Consideration of Form Factor

By definition, GeoPad is form of rugged computer with an outdoor viewable screen. They are often equipped with wireless networking, a portable GPS receiver, digital camera, microphone-headset, voice-recognition software, GIS software, and supporting, digital, geo-referenced data-sets. However, the type of rugged computer needed to carry out your objective needs to be carefully considered. There are multiple form factors which can be used as GeoPads.

Rugged Tablet PC

A tablet PC is a culmination of advances in shrinking notebook hardware and improvements in integrated digitizers as methods of input. A digitizer is typically integrated with the screen, and correlates physical touch or digital pen interaction on the screen with the virtual information portrayed on it. A tablet's digitizer is an absolute pointing device rather than a relative pointing device like a mouse or touchpad. A target can be virtually interacted with directly at the point it appears on the screen. Rugged Tablets are equipped to withstand harsh outdoor conditions and to withstand wind, water and fine particles. Rugged Tablet PCs come in two flavors, slates and convertibles.

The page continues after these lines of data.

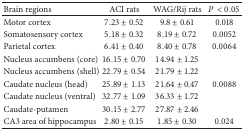
<table><thead><tr><td><b>Brain regions</b></td><td><b>ACI rats</b></td><td><b>WAG/Rij rats</b></td><td><b><i>P</i> &lt; 0.05</b></td></tr></thead><tbody><tr><td>Motor cortex </td><td>7.23 ± 0.52</td><td>9.8 ± 0.61</td><td>0.018</td></tr><tr><td>Somatosensory cortex</td><td>5.18 ± 0.32</td><td>8.19 ± 0.72</td><td>0.0052</td></tr><tr><td>Parietal cortex</td><td>6.41 ± 0.40</td><td>8.40 ± 0.78</td><td>0.0064</td></tr><tr><td>Nucleus accumbens (core)</td><td>16.15 ± 0.70</td><td>14.94 ± 1.25</td><td> </td></tr><tr><td>Nucleus accumbens (shell)</td><td>22.79 ± 0.54</td><td>21.79 ± 1.22</td><td> </td></tr><tr><td>Caudate nucleus (head)</td><td>25.89 ± 1.13</td><td>21.64 ± 0.47</td><td>0.0088</td></tr><tr><td>Caudate nucleus (ventral)</td><td>32.77 ± 1.09</td><td>36.33 ± 1.72</td><td> </td></tr><tr><td>Caudate-putamen</td><td>30.15 ± 2.77</td><td>27.87 ± 2.46</td><td> </td></tr><tr><td>CA3 area of hippocampus</td><td>2.80 ± 0.15</td><td>1.85 ± 0.30</td><td>0.024</td></tr></tbody></table>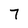
Character: 7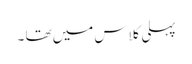
پہلی کلاس میں تھا ۔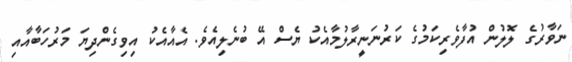
ނަވާރުގެ ލޮލުން އުފާވެރިކަމުގެ ކަރުނަނީރާލުމާއެކު ޔެސް އޭ ބުނެލިއެވެ. އެއާއެކު އިވިގެންދިޔަ މަރުހަބާއާއި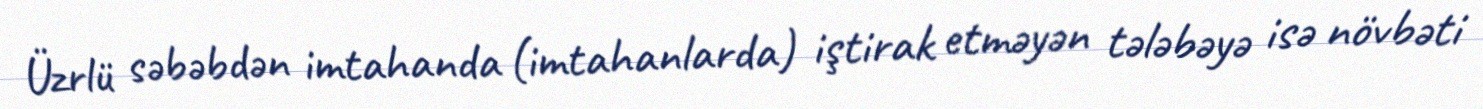
Üzrlü səbəbdən imtahanda (imtahanlarda) iştirak etməyən tələbəyə isə növbəti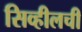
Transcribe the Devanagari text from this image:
सिव्हीलची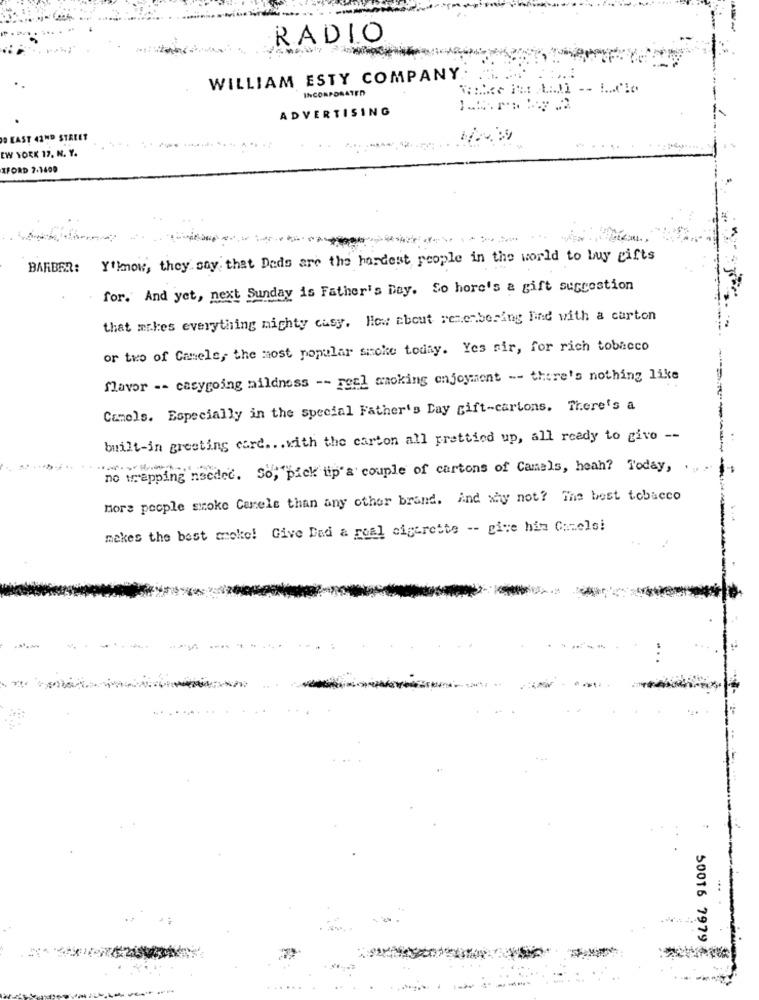
RADIO
WILLIAM ESTY COMPANY
INCORPORATED
ADVERTISING
O KAST 42ND STREET
EW YORK 17, N. Y.
XFORD 7-1499
BARBER: Y'know, they say that Deds are the hardest people in the world to buy gifts
for. And yet, next Sunday is Father's Day. So hore's a gift sucrestion
that makes everything mighty casy. How about remembering Find with a carton
or two of Camele, the most popular smoke today. Yes sir, for rich tobacco
flavor -- casygoing mildness -- real anoking enjoyment -- there's nothing like
Camels. Especially in the special Father's Day gift-cartons. There's a
built-in greeting card ... with the carton all prettied up, all ready to give --
no wrapping needed. So, pick up'a couple of cartons of Camels, heah? Today, ., .
mors people smoke Carele than any other brand. ind why not? The best tobacco
makes the best moke! Give Dad a goal cigarette -- give him Camels!
50016 7979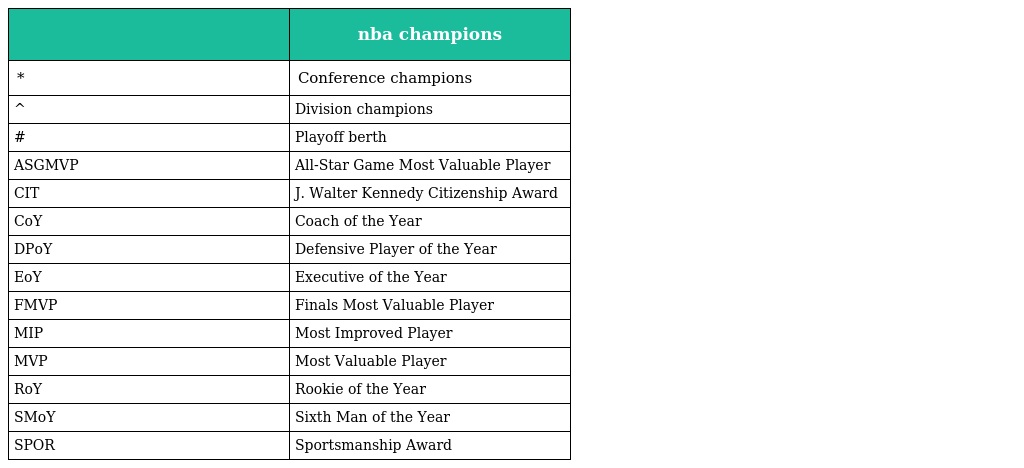
|  | nba champions |
 | --- | --- |
 | * | Conference champions |
 | ^ | Division champions |
 | # | Playoff berth |
 | ASGMVP | All-Star Game Most Valuable Player |
 | CIT | J. Walter Kennedy Citizenship Award |
 | CoY | Coach of the Year |
 | DPoY | Defensive Player of the Year |
 | EoY | Executive of the Year |
 | FMVP | Finals Most Valuable Player |
 | MIP | Most Improved Player |
 | MVP | Most Valuable Player |
 | RoY | Rookie of the Year |
 | SMoY | Sixth Man of the Year |
 | SPOR | Sportsmanship Award |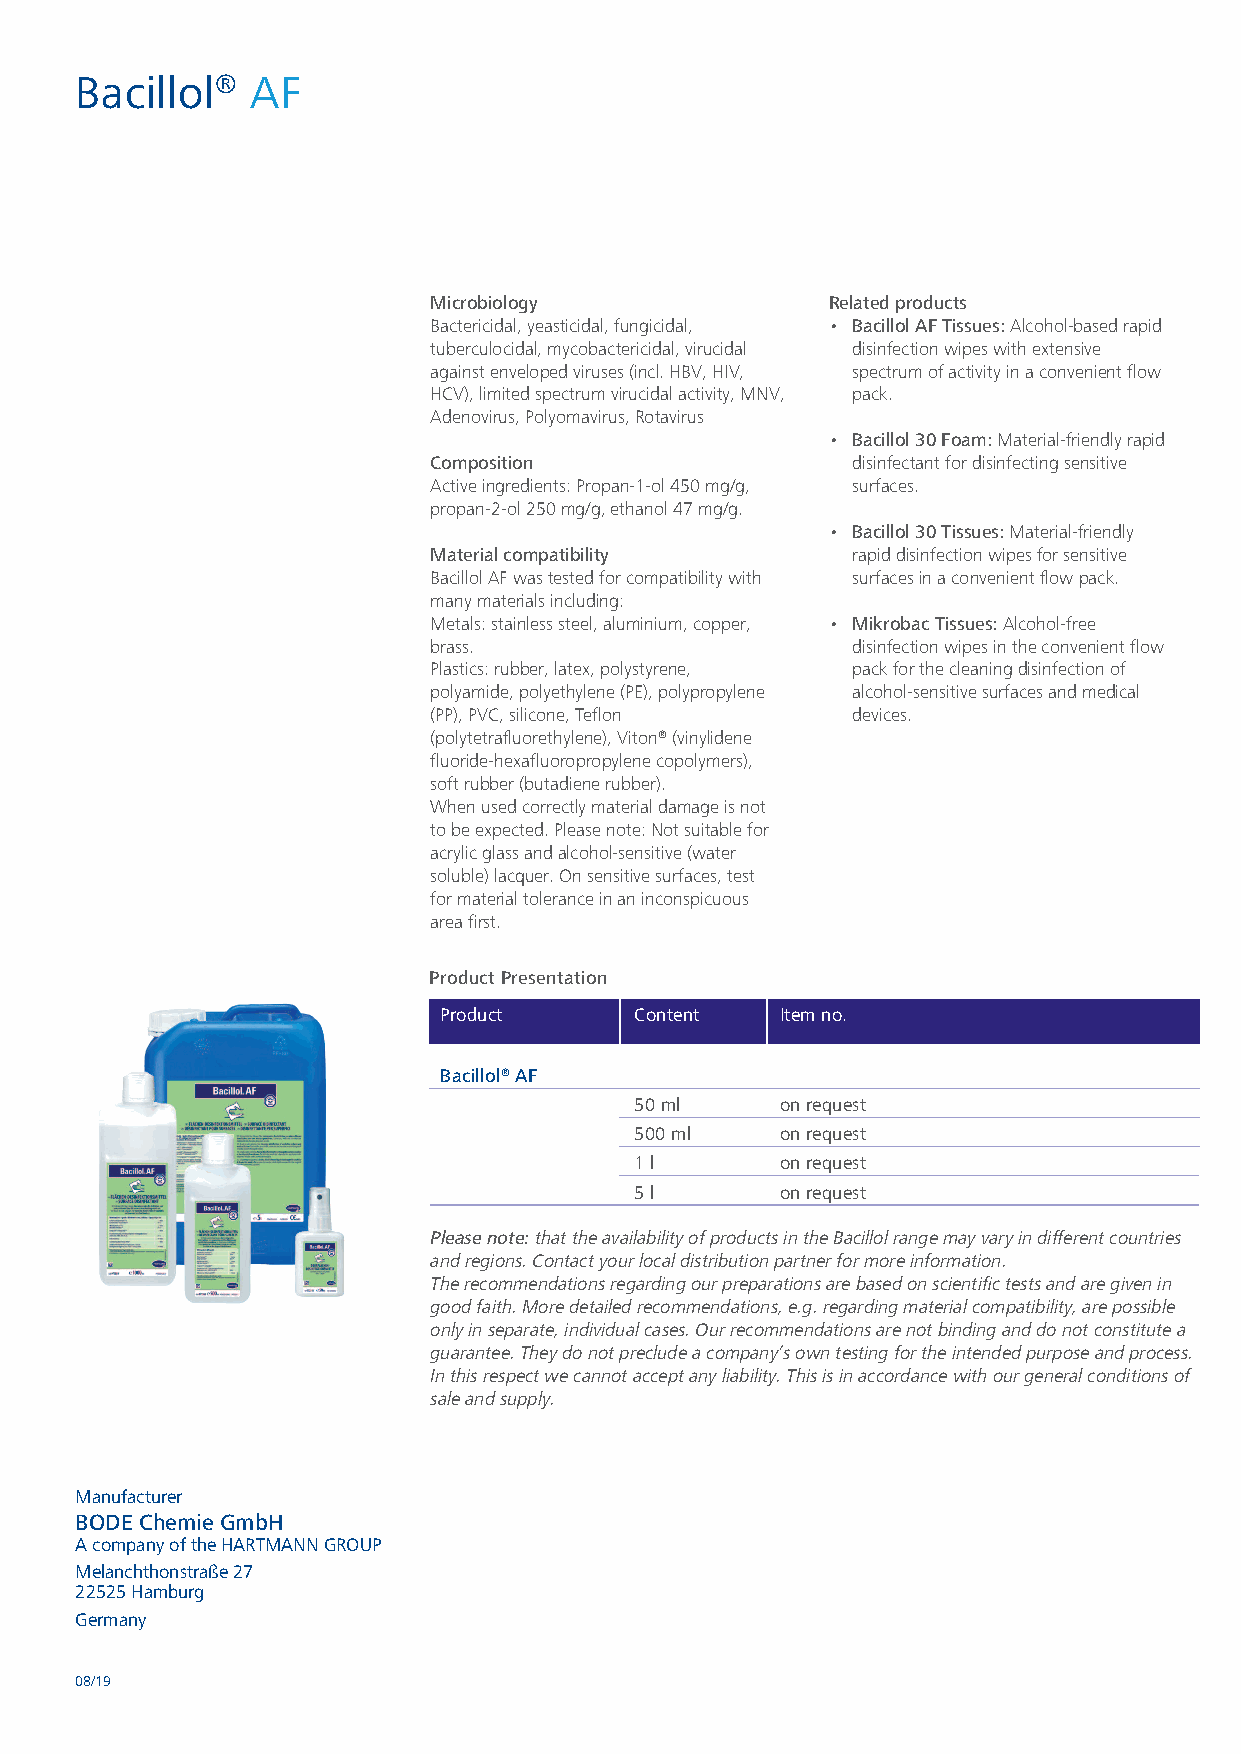
Bacillol®   AF
 Microbiology               Relatedproducts
 Bactericidal,yeasticidal,fungicidal, • BacillolAFTissues:Alcohol-basedrapid
 tuberculocidal,mycobactericidal,virucidal disinfectionwipeswithextensive
 againstenvelopedviruses(incl.HBV,HIV, spectrumofactivityinaconvenientflow
 HCV),limitedspectrumvirucidalactivity,MNV, pack.
 Adenovirus,Polyomavirus,Rotavirus
 • Bacillol30Foam:Material-friendlyrapid
 Composition                 disinfectantfordisinfectingsensitive
 Activeingredients:Propan-1-ol450mg/g, surfaces.
 propan-2-ol250mg/g,ethanol47mg/g.
 • Bacillol30Tissues:Material-friendly
 Materialcompatibility       rapiddisinfectionwipesforsensitive
 BacillolAFwastestedforcompatibilitywith surfacesinaconvenientflowpack.
 manymaterialsincluding:
 Metals:stainlesssteel,aluminium,copper, • MikrobacTissues:Alcohol-free
 brass.                      disinfectionwipesintheconvenientflow
 Plastics:rubber,latex,polystyrene, packforthecleaningdisinfectionof
 polyamide,polyethylene(PE),polypropylene alcohol-sensitivesurfacesandmedical
 (PP),PVC,silicone,Teflon    devices.
 (polytetrafluorethylene),Viton®(vinylidene
 fluoride-hexafluoropropylenecopolymers),
 softrubber(butadienerubber).
 Whenusedcorrectlymaterialdamageisnot
 tobeexpected.Pleasenote:Notsuitablefor
 acrylicglassandalcohol-sensitive(water
 soluble)lacquer.Onsensitivesurfaces,test
 formaterialtoleranceinaninconspicuous
 areafirst.
 ProductPresentation
 Product      Content   Itemno.
 Bacillol®AF
 50ml      onrequest
 500ml     onrequest
 1l        onrequest
 5l        onrequest
 Pleasenote:thattheavailabilityofproductsintheBacillolrangemayvaryindifferentcountries
 andregions.Contactyourlocaldistributionpartnerformoreinformation.
 Therecommendationsregardingourpreparationsarebasedonscientifictestsandaregivenin
 goodfaith.Moredetailedrecommendations,e.g.regardingmaterialcompatibility,arepossible
 onlyinseparate,individualcases.Ourrecommendationsarenotbindinganddonotconstitutea
 guarantee.Theydonotprecludeacompany’sowntestingfortheintendedpurposeandprocess.
 Inthisrespectwecannotacceptanyliability.Thisisinaccordancewithourgeneralconditionsof
 saleandsupply.
 Manufacturer
 BODE Chemie GmbH
 AcompanyoftheHARTMANNGROUP
 Melanchthonstraße27
 22525Hamburg
 Germany
 08/19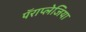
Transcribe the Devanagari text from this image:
पॅराप्लेजिया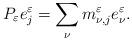
LaTeX: \begin{align*}P_\varepsilon e_j^\varepsilon =\sum_\nu m_{\nu ,j}^\varepsilon e_\nu ^\varepsilon .\end{align*}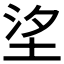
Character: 𡋆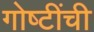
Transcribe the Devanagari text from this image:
गोष्‍टींची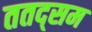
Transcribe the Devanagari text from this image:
ततद्सम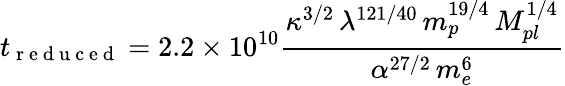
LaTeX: t_{\mathrm{~r~e~d~u~c~e~d~}}=2.2\times 10^{10}\frac{\kappa^{3/2}\, \lambda^{121/40}\, m_{p}^{19/4}\, M_{pl}^{1/4}}{\alpha^{27/2}\, m_{e}^{6}}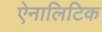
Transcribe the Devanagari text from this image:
ऐनालिटिक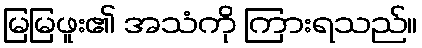
မြမြဖူး၏ အသံကို ကြားရသည်။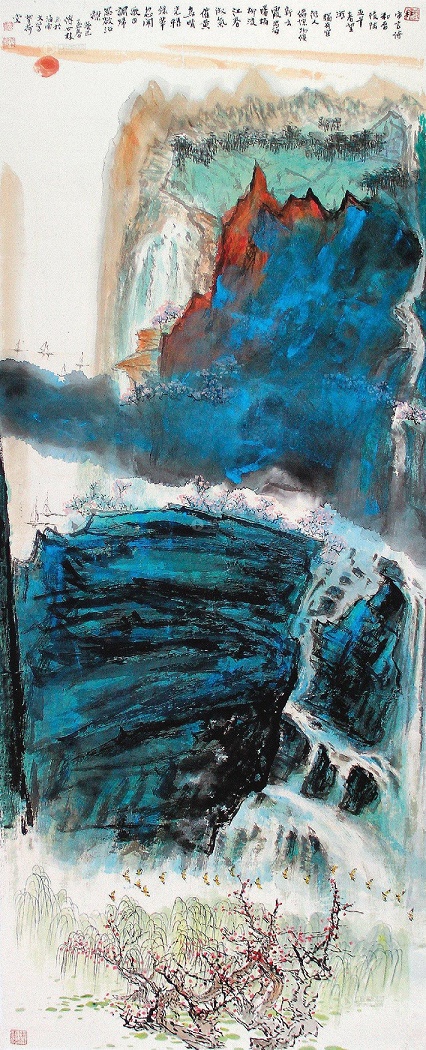
忽闻歌古调，归思欲沾巾。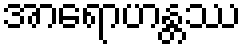
အာရောဟန္တဿ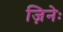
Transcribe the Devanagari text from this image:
ज़िनेः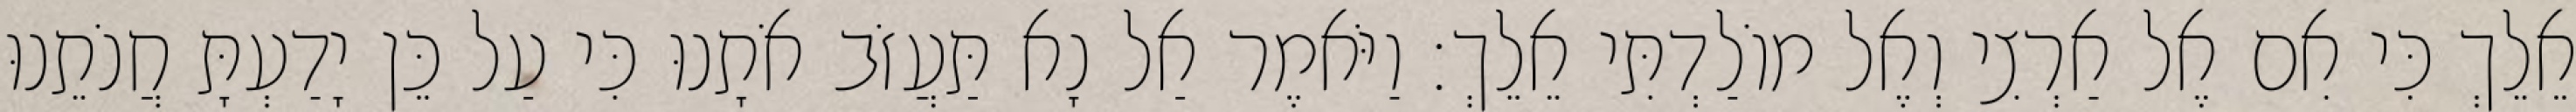
אֵלֵךְ כִּי אִם אֶל אַרְצִי וְאֶל מוֹלַדְתִּי אֵלֵךְ׃ וַיֹּאמֶר אַל נָא תַּעֲזֹב אֹתָנוּ כִּי עַל כֵּן יָדַעְתָּ חֲנֹתֵנוּ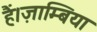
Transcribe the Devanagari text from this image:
हैं।ज़ाम्बिया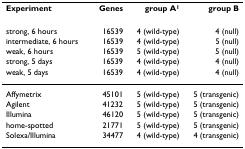
<table><thead><tr><td><b>Experiment</b></td><td><b>Genes</b></td><td><b>group A<sup>1</sup></b></td><td><b>group B</b></td></tr></thead><tbody><tr><td>strong, 6 hours</td><td>16539</td><td>4 (wild-type)</td><td>4 (null)</td></tr><tr><td>intermediate, 6 hours</td><td>16539</td><td>4 (wild-type)</td><td>5 (null)</td></tr><tr><td>weak, 6 hours</td><td>16539</td><td>5 (wild-type)</td><td>5 (null)</td></tr><tr><td>strong, 5 days</td><td>16539</td><td>4 (wild-type)</td><td>4 (null)</td></tr><tr><td>weak, 5 days</td><td>16539</td><td>4 (wild-type)</td><td>4 (null)</td></tr><tr><td>Affymetrix</td><td>45101</td><td>5 (wild-type)</td><td>5 (transgenic)</td></tr><tr><td>Agilent</td><td>41232</td><td>5 (wild-type)</td><td>5 (transgenic)</td></tr><tr><td>Illumina</td><td>46120</td><td>5 (wild-type)</td><td>5 (transgenic)</td></tr><tr><td>home-spotted</td><td>21771</td><td>5 (wild-type)</td><td>5 (transgenic)</td></tr><tr><td>Solexa/Illumina</td><td>34477</td><td>4 (wild-type)</td><td>4 (transgenic)</td></tr></tbody></table>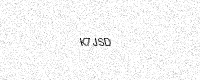
Text: K7JSD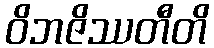
ဝိဘဇိဿတီတိ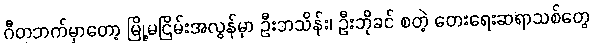
ဂီတဘက်မှာတော့ မြို့မငြိမ်းအလွန်မှာ ဦးဘသိန်း၊ ဦးဘိုခင် စတဲ့ တေးရေးဆရာသစ်တွေ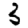
Digit: 3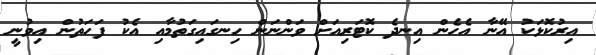
އިރުކޮޅަކު އޭނާ އެހެން އިނދެ ކޮޓަރިއަށް ވަންނަން ހިނގައިގަތުމާއި އެކު ފަހަތުން އިވުނީ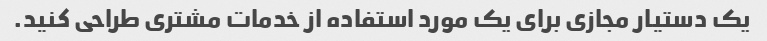
یک دستیار مجازی برای یک مورد استفاده از خدمات مشتری طراحی کنید.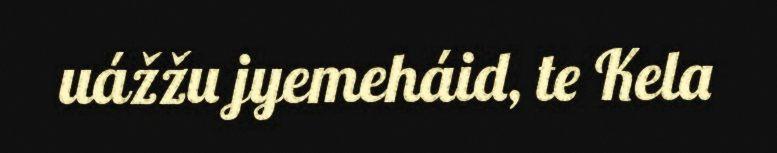
uážžu jyemeháid, te Kela
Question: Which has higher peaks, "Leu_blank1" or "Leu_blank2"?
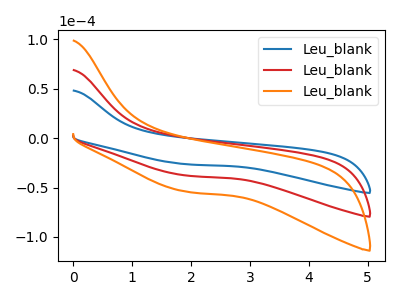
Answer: <think>The blue curve "Leu_blank1" has no peaks. The red curve "Leu_blank2" has no peaks. The orange curve "Leu_blank3" has no peaks.</think>
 <answer>Niether CV has any peaks.</answer>
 <eval>blanks</eval>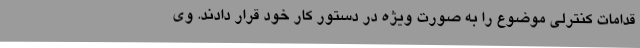
قدامات کنترلی موضوع را به صورت ویژه در دستور کار خود قرار دادند. وی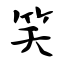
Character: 笑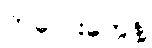
ကလေးတွေနဲ့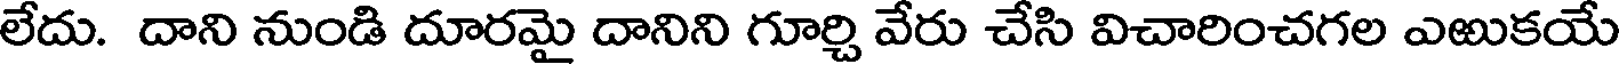
లేదు. దాని నుండి దూరమై దానిని గూర్చి వేరు చేసి విచారించగల ఎఱుకయే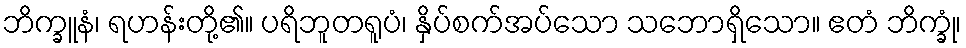
ဘိက္ခူနံ၊ ရဟန်းတို့၏။ ပရိဘူတရူပံ၊ နှိပ်စက်အပ်သော သဘောရှိသော။ ဧတံ ဘိက္ခုံ၊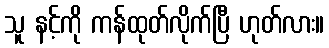
သူ နင့်ကို ကန်ထုတ်လိုက်ပြီ ဟုတ်လား။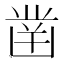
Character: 凿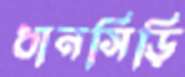
ধানসিড়ি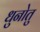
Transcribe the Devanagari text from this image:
धुनोतु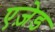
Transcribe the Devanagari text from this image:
एज़ेड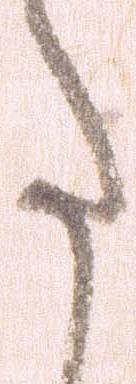
た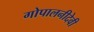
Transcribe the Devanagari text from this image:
गोपालनीदेवी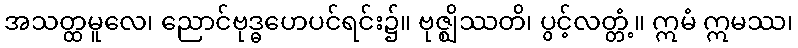
အသတ္ထမူလေ၊ ညောင်ဗုဒ္ဓဟေပင်ရင်း၌။ ဗုဇ္ဈိဿတိ၊ ပွင့်လတ္တံ့။ ဣမံ ဣမဿ၊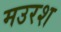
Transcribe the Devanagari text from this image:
मउरश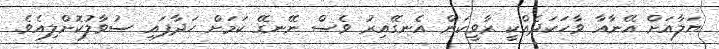
ޔަލާއަށް އޭނާއާ ވާހަކަދެއްކީ ރާވީކަން އެނގޭއިރު ވެސް ނޭނގޭ ކަމަށް ހަދާފައި ސުވާލުކޮށްލިއެވެ.

Slates, which resemble writing slates, are tablet PCs without a dedicated keyboard. Keyboards can usually be attached via a wireless or USB connection. Slate models are often designed with a focus on pure mobility, that is, the less to carry, the better.

Rugged tablet PC models are usually in the slate form factor, because without a keyboard, there are fewer moving parts to break.

Convertibles have a base body with an attached keyboard. They more closely resemble modern notebooks/laptops, and are usually heavier and larger than slates.

Typically, the base attaches to the display at on a rotating hinge. The hinge allows the screen to rotate around 180° and fold down on top of the keyboard to provide a flat writing surface. This design, although the most common, is a point of weakness on a convertible. A convertible design, the Panasonic Toughbook 19 is a fully ruggedized convertible.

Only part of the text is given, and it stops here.